The mean lengths of therapy by regimen in the commercially insured cohort were 165 days, 138 days, 133 days, and 97 days for patients receiving first-line FOLFIRINOX, first-line gemcitabine plus nab-paclitaxel, first-line gemcitabine monotherapy, and second- or third-line liposomal irinotecan, respectively. The mean lengths of therapy by regimen in the Medicare cohort were 156 days, 142 days, 128 days, and 104 days for first-line FOLFIRINOX, first-line gemcitabine plus nab-paclitaxel, first-line gemcitabine monotherapy, and second- or third-line liposomal irinotecan patients, respectively.

The mean total cost of care per line of therapy was 186% higher in the commercially insured cohort ($94,637) than in the Medicare cohort ($33,092; P <.05) for all chemotherapy regimens using any line of therapy, which resulted, in part, from the higher provider reimbursement rates of commercial payers (Figure 1).14

Figure

The mean total cost of care for first-line gemcitabine monotherapy was lower than for any other therapy: $45,548 for commercially insured patients and $20,462 for Medicare patients (P <.001). The differences in the mean total cost of care for all other regimens in the commercially insured and Medicare populations were not statistically significant.

The mean inpatient costs per line of therapy in the commercially insured cohort ($12,745-$20,247) were more than twice the Medicare cohort’s costs ($5330-$9123) for all regimens (P <.05; Figure 2). In the commercially insured cohort, the mean inpatient costs per line of therapy for first-line gemcitabine plus nab-paclitaxel, first-line FOLFIRINOX, and second- or third-line liposomal irinotecan were not significantly different (P >.05). Patients who received first-line gemcitabine monotherapy had lower mean inpatient costs ($12,745) than those who received first-line gemcitabine plus nab-paclitaxel ($20,247; P <.05) or first-line FOLFIRINOX ($19,444; P <.05), but the mean inpatient costs were not statistically significant compared with the patients who received second- or third-line liposomal irinotecan (P >.10).

Figure

In the Medicare cohort, patients who received second- or third-line liposomal irinotecan had lower inpatient costs than patients who received all other regimens ($5330; P <.001). Patients who received second- or third-line liposomal irinotecan also had the lowest mean ICU costs in the Medicare cohort ($1153; P <.05).

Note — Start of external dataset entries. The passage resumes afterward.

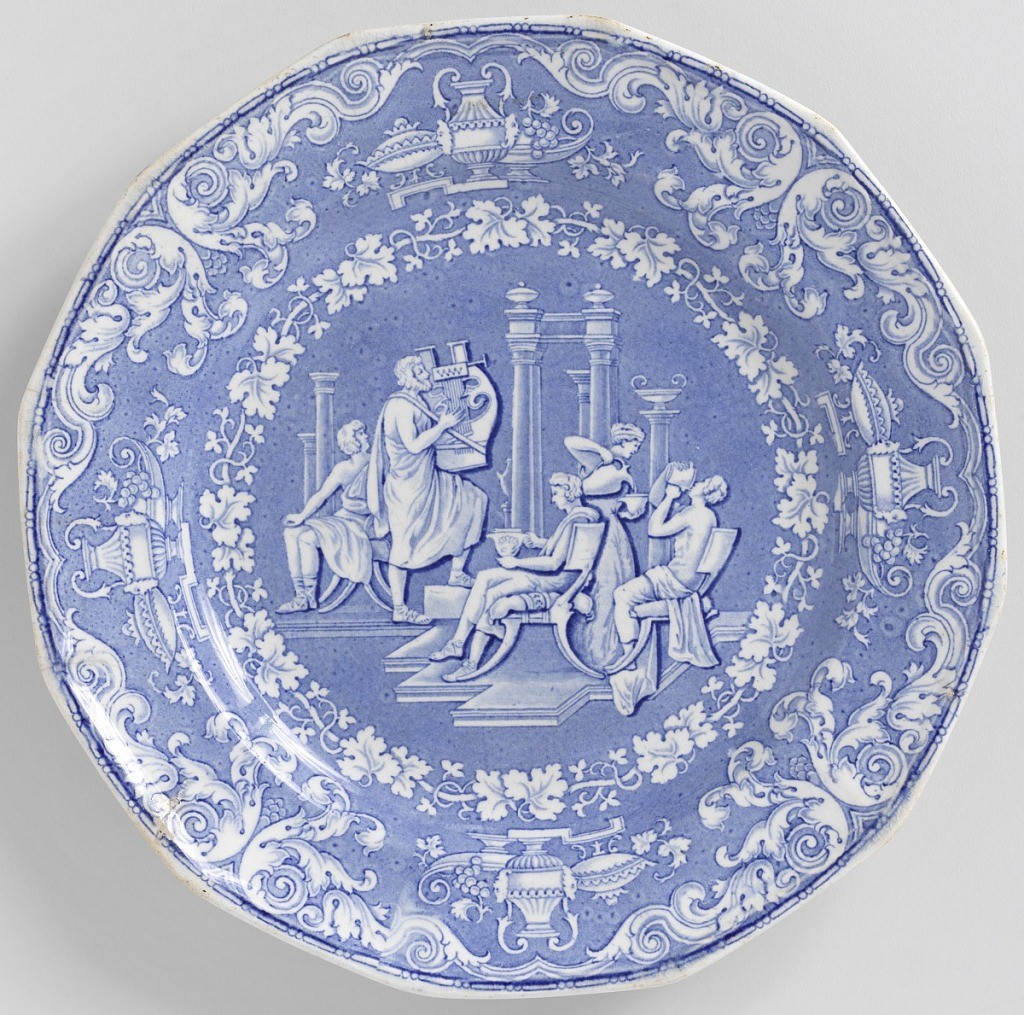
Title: Classical Antiquities
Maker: Joseph Clementson, English, active 1836–1864
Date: after 1849
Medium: Glazed earthenware, transfer-printed decoration
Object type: Plate
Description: Plate with blue transfer print showing classical figures seated on klismos chairs. Scrollwork border with pottery and grape vines.
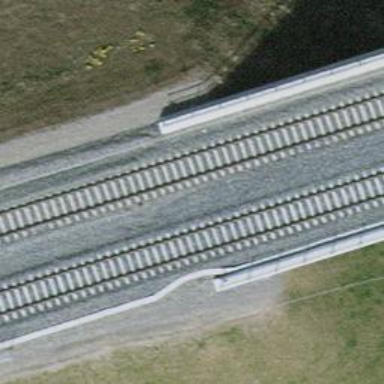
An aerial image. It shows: Single-track railway with electrified contact lines.
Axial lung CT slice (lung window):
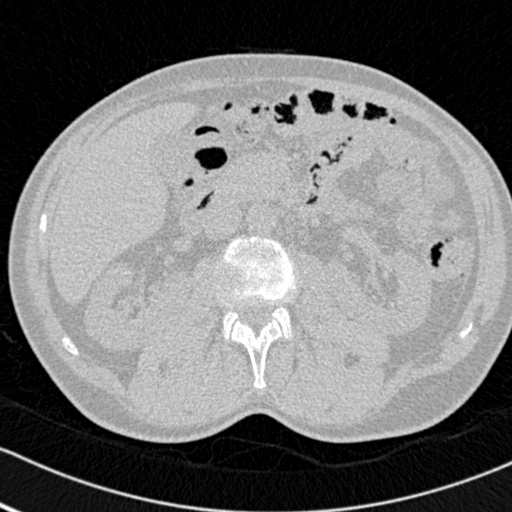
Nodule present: no
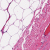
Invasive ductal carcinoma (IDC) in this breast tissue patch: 0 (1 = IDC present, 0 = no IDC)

Overall, the mean inpatient costs for commercially insured patients were from 71% to 266% higher than the costs for patients with Medicare coverage. Among the patients who received the same regimen, the mean hospital admissions per line of therapy were lower in the commercially insured patients than in the Medicare population (P <.05), with the exception of patients who received second- or third-line liposomal irinotecan (Table 1).

Table

In the Medicare cohort, the patients who received first-line gemcitabine plus nab-paclitaxel had a higher mean number of admissions than patients who received any other regimen (0.95; P <.001). Patients receiving first-line gemcitabine monotherapy had the lowest mean number of admissions among the commercially insured cohort (0.54; P <.001).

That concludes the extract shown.